I'm cherry picking this one line from a recent discussion because it's
the most recent example of people discussing fixed and random effects in
terms of conditioning and marginalization.  The use of this terminology
on this list seems to have increased in the past year or so (or, more
likely, I've just started noticing it), and it's time for me to confess
that I'm not sure I understand it.

If we have a model

#v+
y ~ 1 + x + (1 | z)
#v-

the suggested correspondences between fixed effects and
conditionalizing, and between random effects and marginalization suggest
to me that at some point we are interested in

#v+
\sum_{z} P(y | x, z)
#v-

This is my guess at the correspondence suggested by the quote above, but
it's based solely on the fact that I think I know what conditional
probabilities and marginalization are.  It could be 100% off base.

I guess I have four questions:

1.  Is this the correct understanding of how fixed and random effects
    translate into conditionalizing and marginalizing?
2.  In mixed logit models, we are modeling probabilities (or, log odds
    of probabilities) , so this specification maybe makes some sense to
    me.  But how does it fit into a linear mixed model?
3.  What role does this probability play in fitting the model?
4.  Do the coefficients for fixed effects from the fitted model have an
    interpretation in terms of the above probability model?
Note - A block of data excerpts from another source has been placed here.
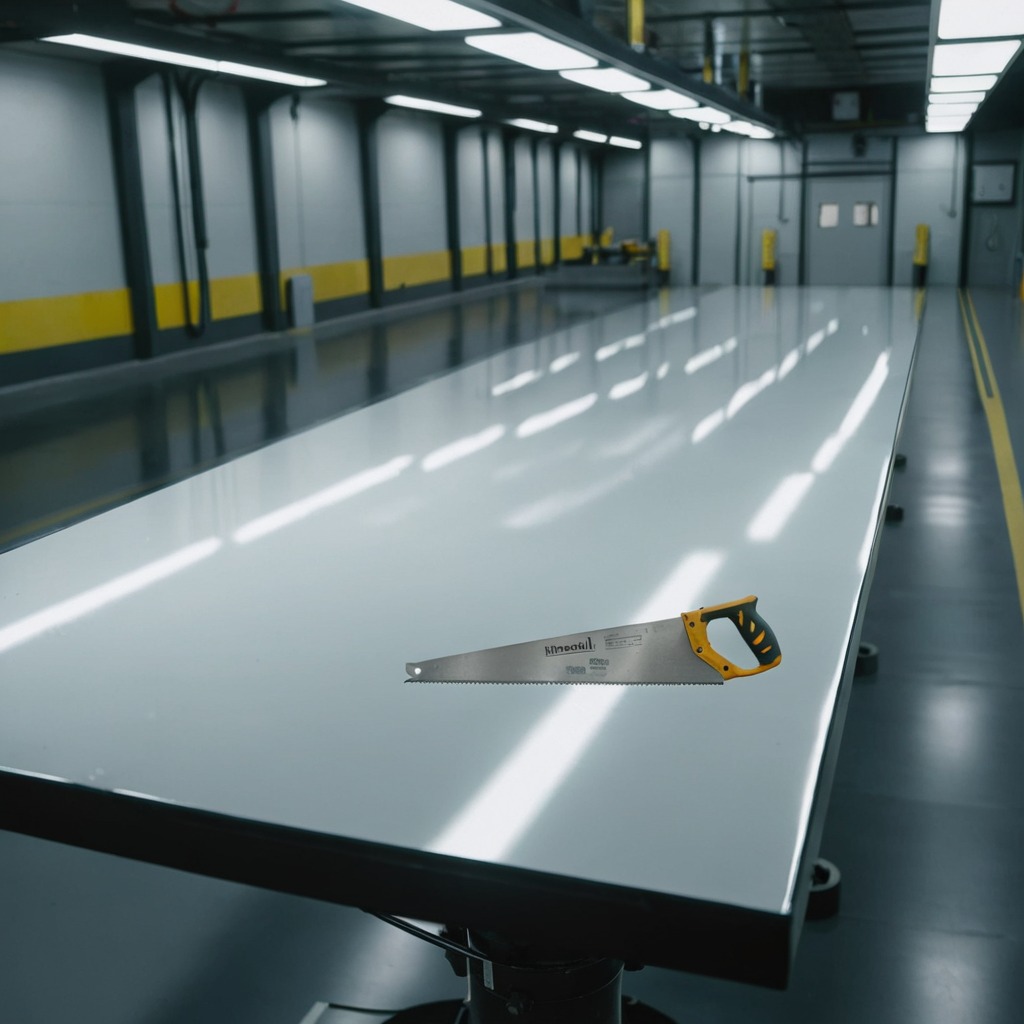
A handheld metal saw lies on the table in the ship maintenance bay.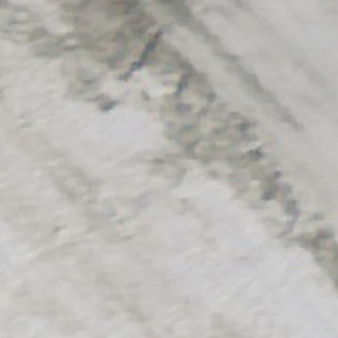
Label: other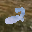
Label: 2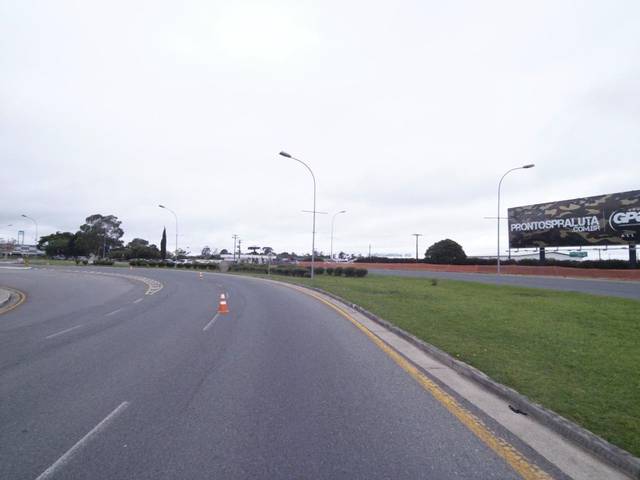
Region: Brazil
Coordinates: -25.539, -49.174

Sorry if this query is so misinformed as to be nonsensical.  If you have
a feeling for what I'm trying to ask, feel free to answer that question
instead ;)  Also, if this is a RTF*-type question, please let me know
what the appropriate value of * is in this case (V for vignette,
maybe?).

Thanks for any help,
/au

Austin Frank
http://aufrank.net
GPG Public Key (D7398C2F): http://aufrank.net/personal.asc